段正威初聽此言時出了一身冷汗,陳長史這樣說是對當今天子的大不敬,他雖出身皇室,但只是親王之子,那是要上拜天,下拜地,中拜帝王的。陳長史如此教導,與謀大逆沒什么區別。初始他很不自在,但陳長史的兒子,陳正清雖是他的學伴,但對他從來都是行尊上之禮,他已習慣了被人尊崇帶來的愉悅,他的野心便也悄悄萌芽。
“老師,進屋談。”段正威扶著顫微微的陳長史向三進院書房走去。
陳長史年齡和裕親王相仿,但素質就天差地別了,裕親王新近還納了一豆蔻年華側王妃,自此后,整個人看起來更精神了。而陳長史卻是早生白發,兩鬢班班,背也有點馱了,走路腳下飄忽,一副老態龍鐘樣。
每每看到陳長史之番情景,段正威就心疼。老師太累了,陳正清是老師的唯一兒子,他學業好,已能分擔老師部分事務,但老師卻為了他的大業,派陳正清進了三清觀,并成為三清觀二師兄。
“老師,正清今年就出觀,回來就讓他陪伴您左右,有人照顧您,正譽也放心。”
“正清在三清觀七年蟄伏,就是為有朝一日名正言順步入朝堂,成為王子您的助力,他即不能成為王子您的僚屬,也不能回家孝敬老夫。他要進入朝廷權力核心。”陳長史在段正譽攙扶下坐在書房椅子上,喘著粗息說。

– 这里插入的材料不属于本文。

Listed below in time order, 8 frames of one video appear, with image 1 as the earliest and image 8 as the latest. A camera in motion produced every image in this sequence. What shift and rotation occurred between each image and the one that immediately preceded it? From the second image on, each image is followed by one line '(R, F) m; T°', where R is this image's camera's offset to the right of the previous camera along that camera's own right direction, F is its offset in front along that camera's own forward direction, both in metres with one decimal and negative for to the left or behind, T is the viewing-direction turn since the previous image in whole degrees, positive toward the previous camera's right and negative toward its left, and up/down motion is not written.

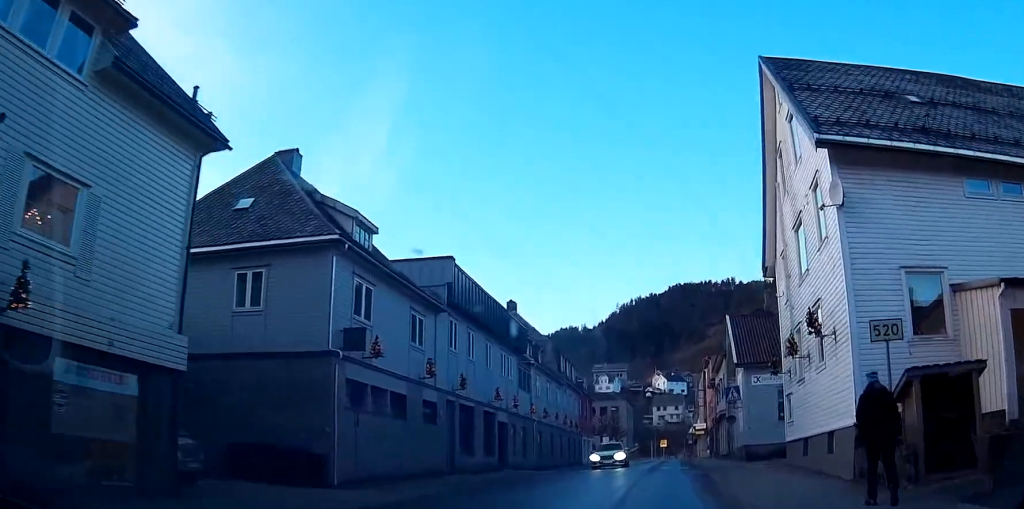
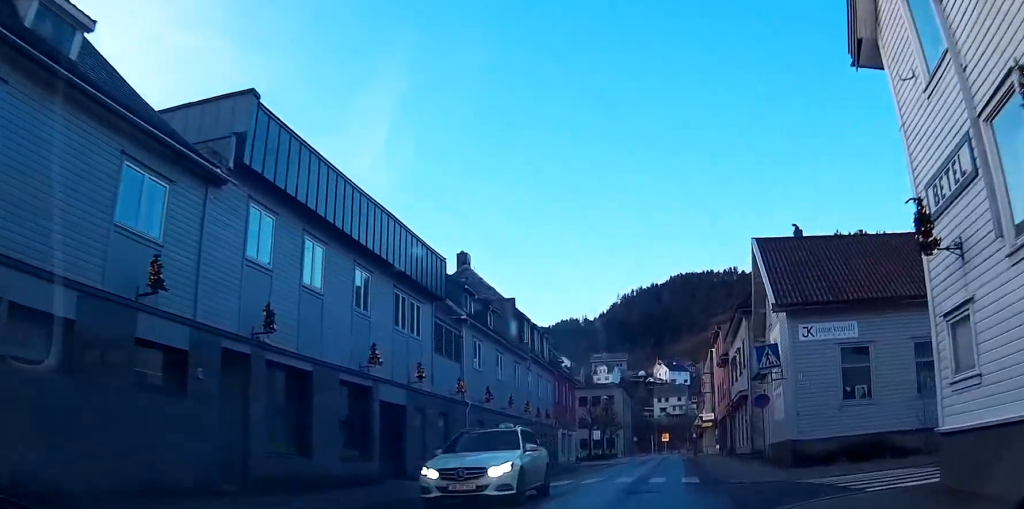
(-0.1, +16.1) m; -2°
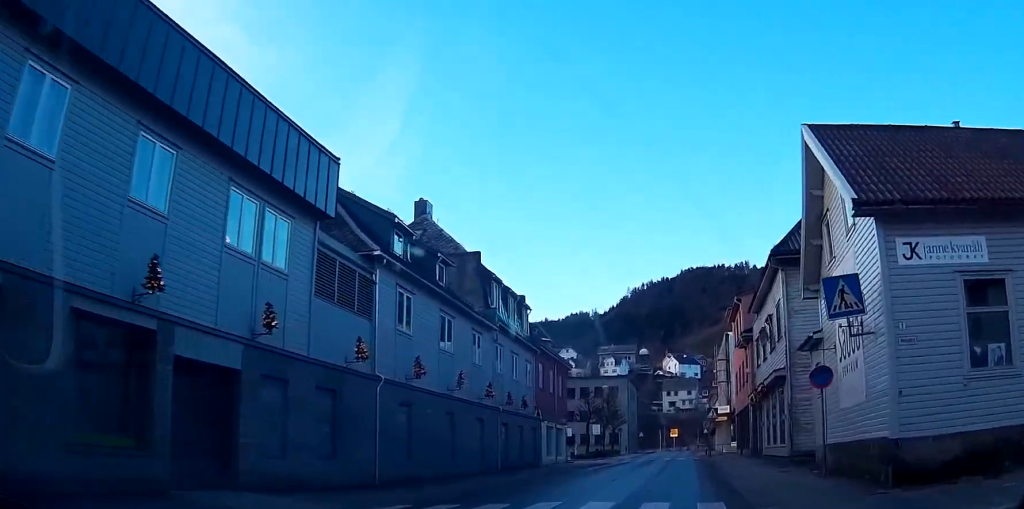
(-0.2, +11.0) m; -1°
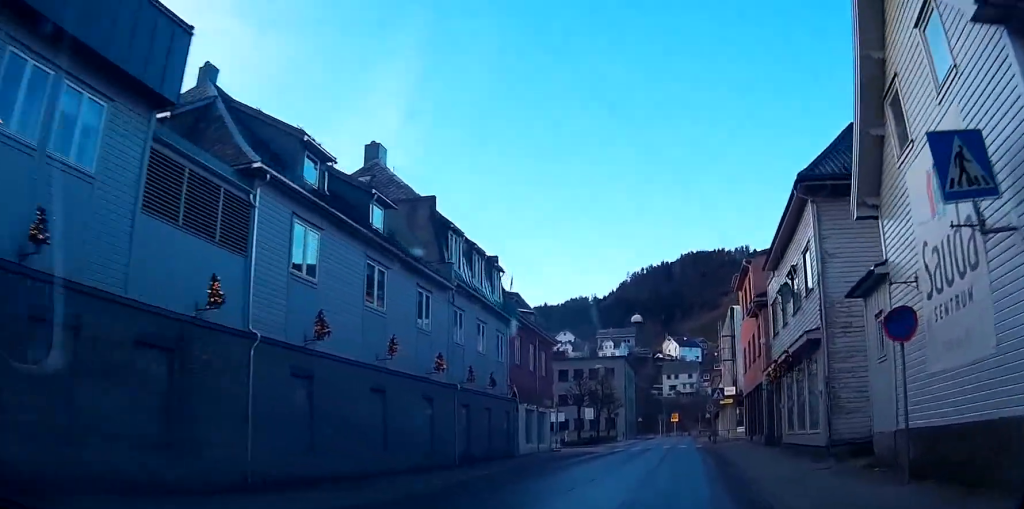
(0.0, +7.2) m; 0°
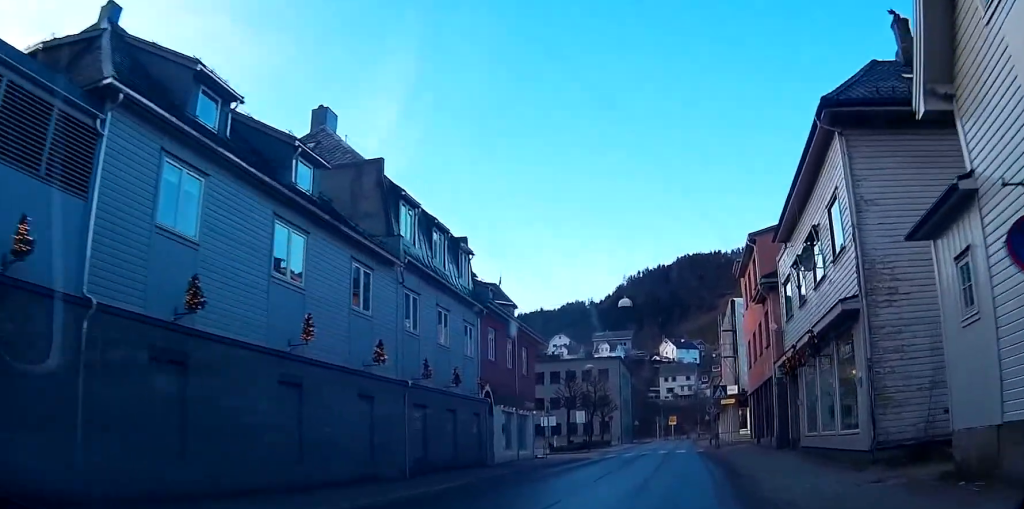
(0.0, +5.2) m; 0°
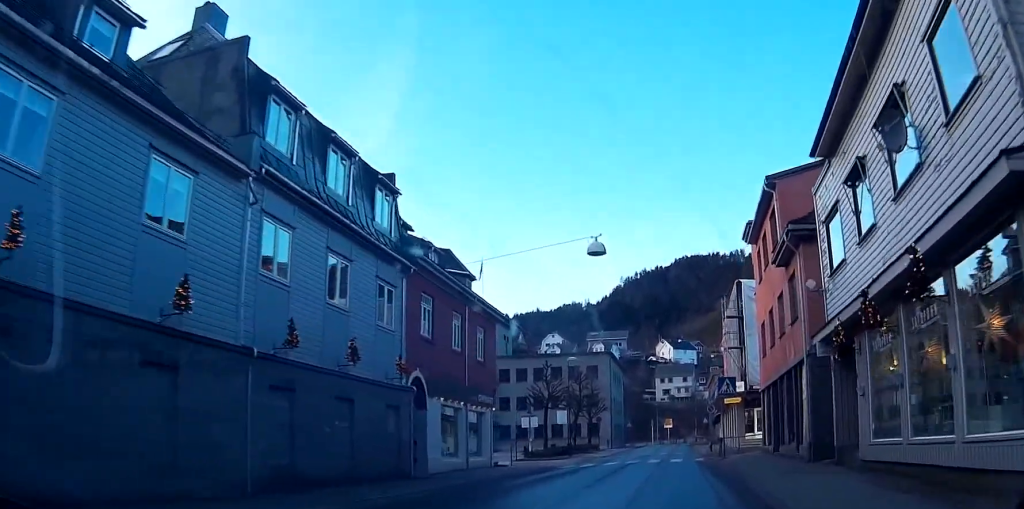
(0.0, +9.1) m; +1°
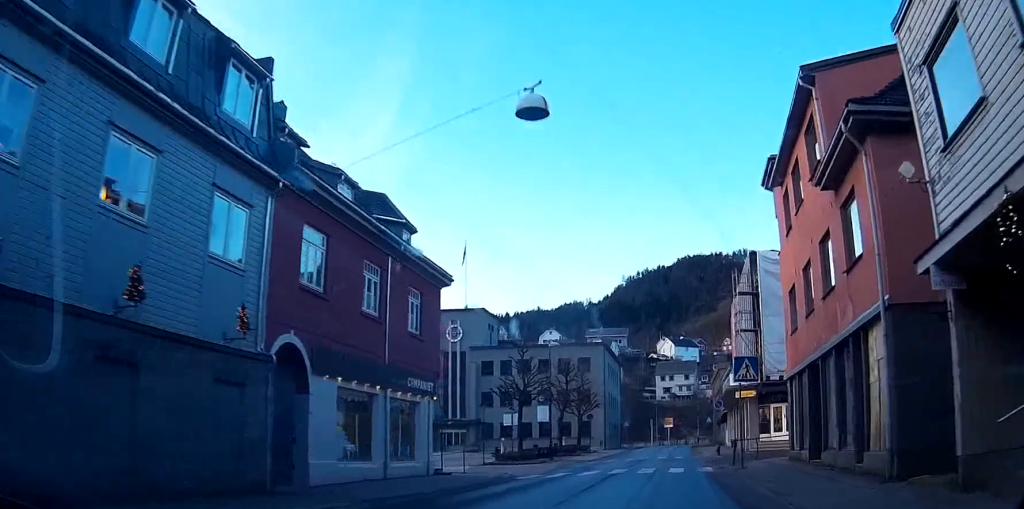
(+0.1, +9.2) m; 0°
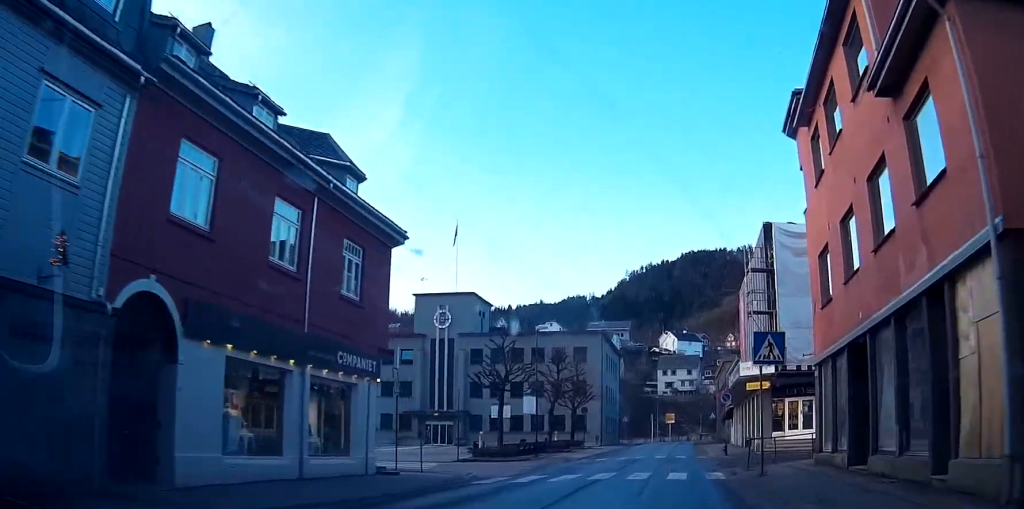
(+0.1, +5.6) m; 0°

“那樣太危險,正清是老師的獨子,怎么能讓他以身涉險?”
段正威知道,陳正清進入朝廷權力中心,對他來說是最好的結果,現在朝廷大權握在王家手中,段至名早已頭疼,下旨令三清觀為朝廷培養賢才,就是想打破王家獨攬朝政的格局,根據陳正清傳信,三清觀此番如只依平日考核成績,量定弟子們是否合格,他保證能出觀的都是他的心腹。這一拔人摻進朝政,參與各官衙日常事務,縱使初期不會有大作為,但來日方長,不過三、五年,朝廷權力格局定會有改觀。這是陛下樂見的,這批人會被安排進朝廷重要部門。以后出觀的弟子就沒這樣好機會了。
“幫助殿下實現心愿,是我們父子心愿,殿下就不用為我父子二人操心。”陳長史邊說邊喘著,“王爺是否已著手和三清觀交涉事宜?”
“父王說了,三清觀觀主正在閉關中,一旦觀主出觀,就親自前往交涉。”
“如此甚好。我傳信讓正清密切關注觀中動靜,只要觀主出觀,立即傳信。此事耽擱不得。”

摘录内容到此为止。